Tom Adamson won the New Zealand Cross for his daring scouting work in the bush between the Waitotara and the back country of Wairoa (now Waverley), in 1869. His comrade in that mission of peril, in search of Titokowaru and his Hauhaus who had evacuated Tauranga-ika Pa, was Christopher Maling, afterwards Captain Maling. This well-tried scout was Nelson-born; he was the son of a pioneer surveyor who was killed in the Wairau massacre in 1843. There was a good deal of Captain Mayne Reid's romantic riflemen of the Indian war-trail in Tom Adamson's character. He was a rough-and-ready direct-action frontiersman, who would have made an excellent Highland fighting chieftain of the claymore days, or a doughty battleaxewielder; or, to take another sphere, a successful privateer captain. But his lot set him in the Maori bush, and there he made some history after his fashion. Stories were told by the old hands of ‘Tom Adamson's “short way with dissenters,” particularly those of the Hauhau faith. There were many rough-cut white adventurers on page 227 the West Coast frontier, and of these plucky foreloopers of the settler and the surveyor and road-maker Adamson stood foremost.

Physically, Tom Adamson suited well the wild, rough part he often played in the bush. He was as straight and hard as a lancewood of his own native forests, and extremely powerful. In the bush and on the march he dressed like his companions the Maoris. He very seldom wore boots in the field, and he was almost as barbaric a figure as any Maori warrior, with his rapaki or waist shawl in place of trousers, his big sheath-knife, his tomahawk stuck through his belt, and a flax kit containing his rations and Maori loot strapped across his shoulders with green flax leaves. Carbine in hand, carried easily at the trail but ready for instant use, sharp eyes searching every thicket, and ears alert to the slightest suspicious sound that might indicate ambush by the trackside, big bare feet hard as nails, padding noiselessly as a wild cat's on the ground—that was Tom Adamson, bushman-scout, on the warpath. In the West Coast campaigns he marched often with the Wanganui Maori Contingent. He was Major Kepa's pakeha-Maori; he had married into the tribe.
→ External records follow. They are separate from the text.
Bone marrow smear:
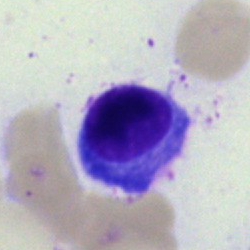 Q: What type of cell is this?
A: A plasmacyte.
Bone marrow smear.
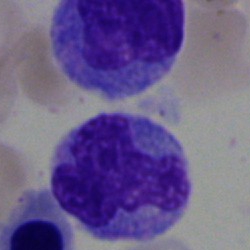 A monocyte.
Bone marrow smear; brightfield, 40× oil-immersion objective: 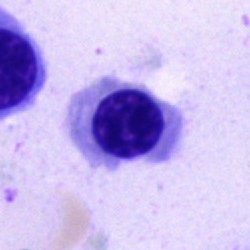
A nucleated red blood cell.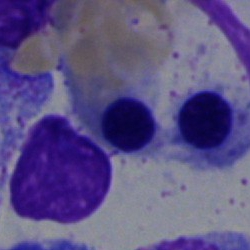
Specimen: bone marrow aspirate smear.
Classification: erythroblast.
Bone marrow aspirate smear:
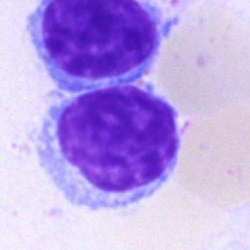
{"cell_type": "lymphocyte"}
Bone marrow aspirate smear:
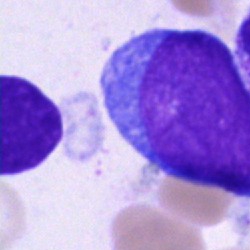
Morphological class = blast cell.
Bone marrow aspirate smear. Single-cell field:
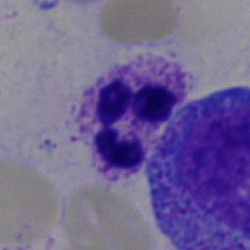
This is a segmented neutrophil.
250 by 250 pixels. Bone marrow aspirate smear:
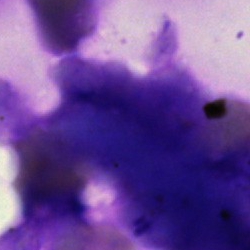Morphology — artefact.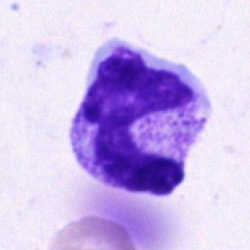 Q: What type of cell is this?
A: It is a neutrophil (segmented).
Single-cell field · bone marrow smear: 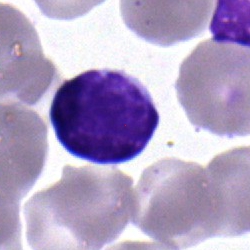 Impression → lymphocyte.
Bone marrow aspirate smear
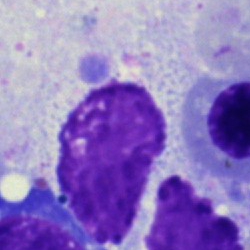 Q: What is shown here?
A: This is an artefact.
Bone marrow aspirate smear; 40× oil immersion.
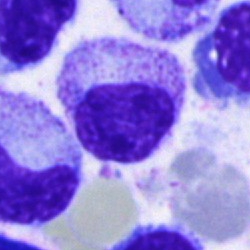

Q: What is the morphological classification of this cell?
A: It is a myelocyte.
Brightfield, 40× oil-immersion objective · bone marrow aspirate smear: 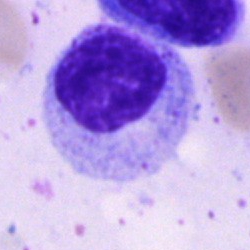
Q: Identify the cell.
A: A myelocyte.
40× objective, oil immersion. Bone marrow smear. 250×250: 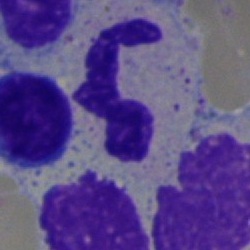 Specimen: bone marrow aspirate smear.
Cell type: neutrophil (segmented).
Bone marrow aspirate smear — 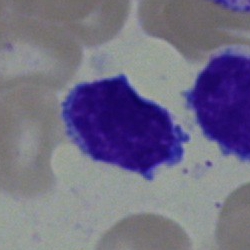
The cell type is lymphocyte.
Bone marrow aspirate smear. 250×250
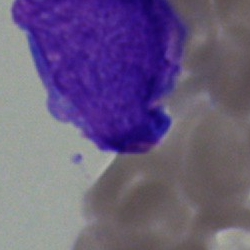 Showing a blast.
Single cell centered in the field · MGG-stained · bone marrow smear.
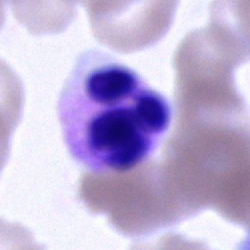

Morphology consistent with a polymorphonuclear neutrophil.
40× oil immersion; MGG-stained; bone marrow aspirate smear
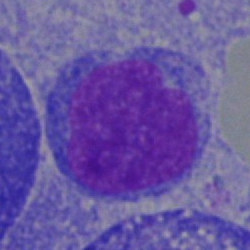Specimen: bone marrow smear.
Morphological class: undifferentiated blast.
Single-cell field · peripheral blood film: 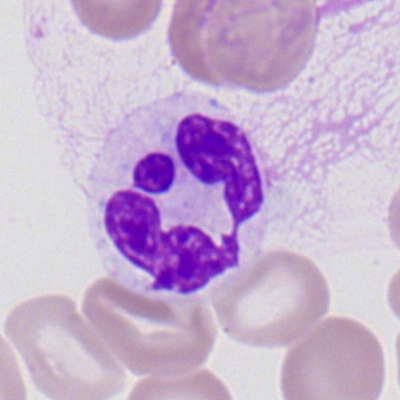
This is a segmented neutrophil.
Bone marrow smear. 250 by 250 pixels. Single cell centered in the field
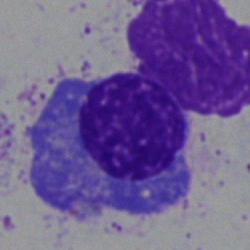Q: Identify the cell.
A: Plasma cell.
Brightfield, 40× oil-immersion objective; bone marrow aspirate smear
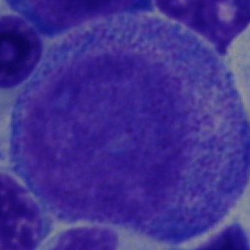

The cell shown is a progranulocyte.
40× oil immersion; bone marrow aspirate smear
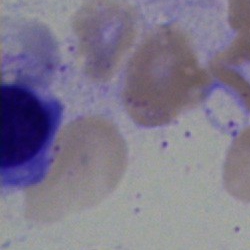
Cell: artifact.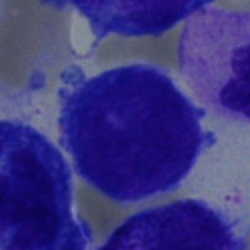 Cell type = undifferentiated blast.
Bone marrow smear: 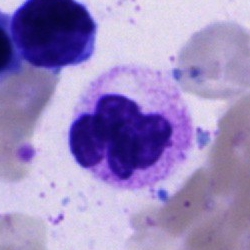
Morphological class = segmented neutrophil.
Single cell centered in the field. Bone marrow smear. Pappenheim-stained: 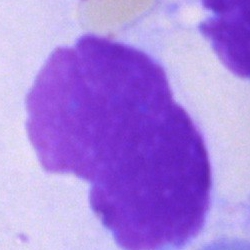
Morphology — artefact.
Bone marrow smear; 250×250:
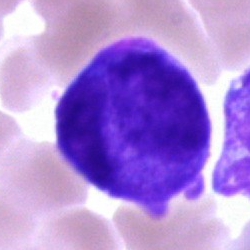Q: What is shown here?
A: Blast cell.
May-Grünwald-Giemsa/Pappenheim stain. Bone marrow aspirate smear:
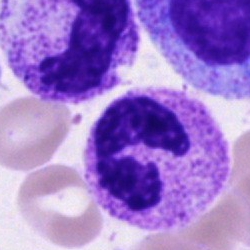
Morphology — polymorphonuclear neutrophil.
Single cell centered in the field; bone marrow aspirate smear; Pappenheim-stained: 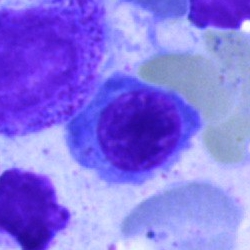
An erythroblast.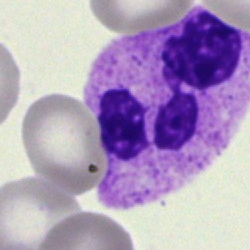Bone marrow smear showing a polymorphonuclear neutrophil.
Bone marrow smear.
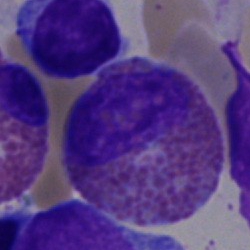Q: What is the morphological classification of this cell?
A: It is an eosinophilic granulocyte.
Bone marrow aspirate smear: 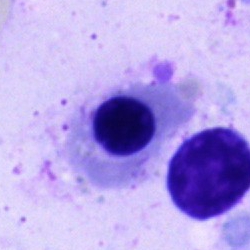 This is a normoblast.
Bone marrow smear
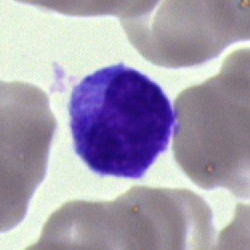
Single cell identified as a lymphocyte.
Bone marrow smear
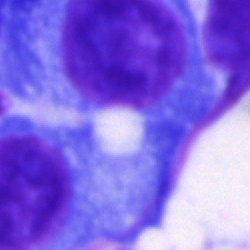
Q: Identify the cell.
A: Plasma cell.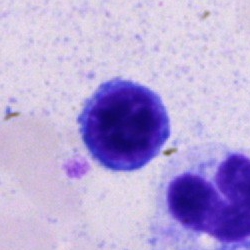Morphological class = nucleated red cell.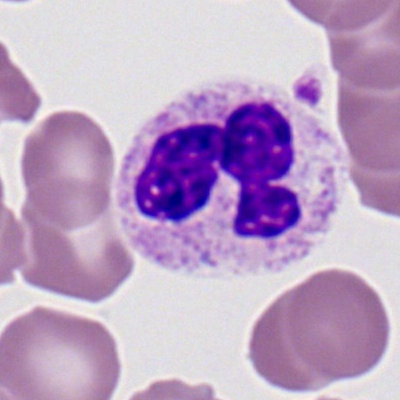
Morphological class — segmented neutrophil.
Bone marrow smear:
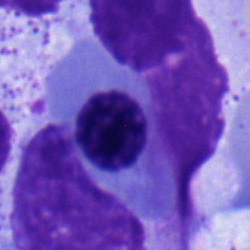 Impression → normoblast.
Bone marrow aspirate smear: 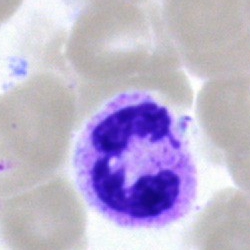 Impression → polymorphonuclear neutrophil.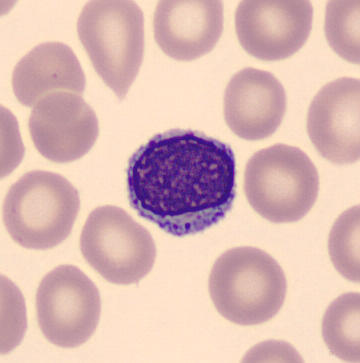 360×363 px · MGG stain.
Specimen: peripheral blood film.
Cell: lymphocyte.
Lineage: lymphoid.
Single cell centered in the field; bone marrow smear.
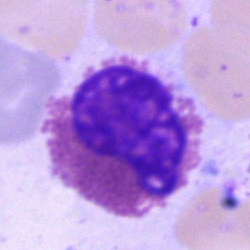 Showing an eosinophil.
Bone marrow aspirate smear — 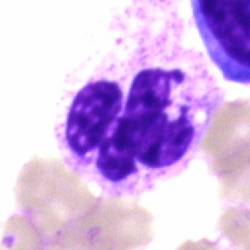Morphology → polymorphonuclear neutrophil.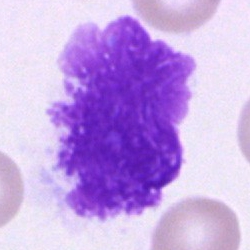

Specimen: bone marrow aspirate smear.
Cell: artefact.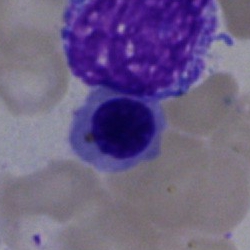 A nucleated red blood cell.
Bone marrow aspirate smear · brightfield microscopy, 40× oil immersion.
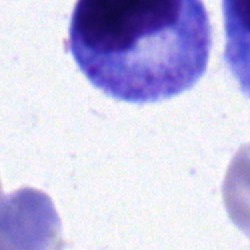

{"cell_type": "metamyelocyte", "lineage": "myeloid"}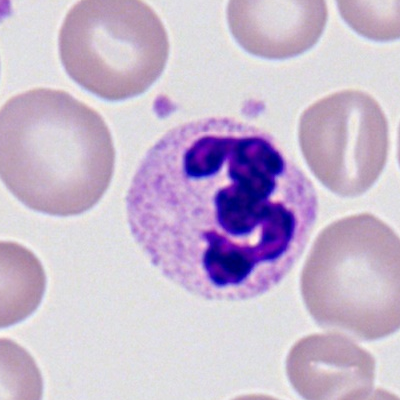This is a segmented neutrophil.
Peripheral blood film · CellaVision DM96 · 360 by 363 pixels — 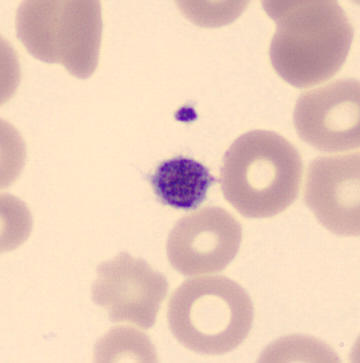 Morphology → platelet (thrombocyte).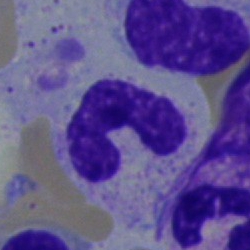Q: What is shown here?
A: This is a neutrophil (band).

Big Bill Adamson was a bullock-team driver in the transport corps of General Cameron's West Coast army in 1864. He was then a lad of sixteen. He was in that lively affair at Nukumaru, when the Maoris rushed the British camp in broad daylight. He used to narrate that as he was an unarmed transport-driver, he thought the best place for him was in his cart, so he jumped into it and lay down while the bullets zipped all about. After that march up the coast, in which Cameron kept well page 228 clear of the bush, he enlisted in the Wanganui Cavalry and saw some hard service under General Chute and the Colonial officers.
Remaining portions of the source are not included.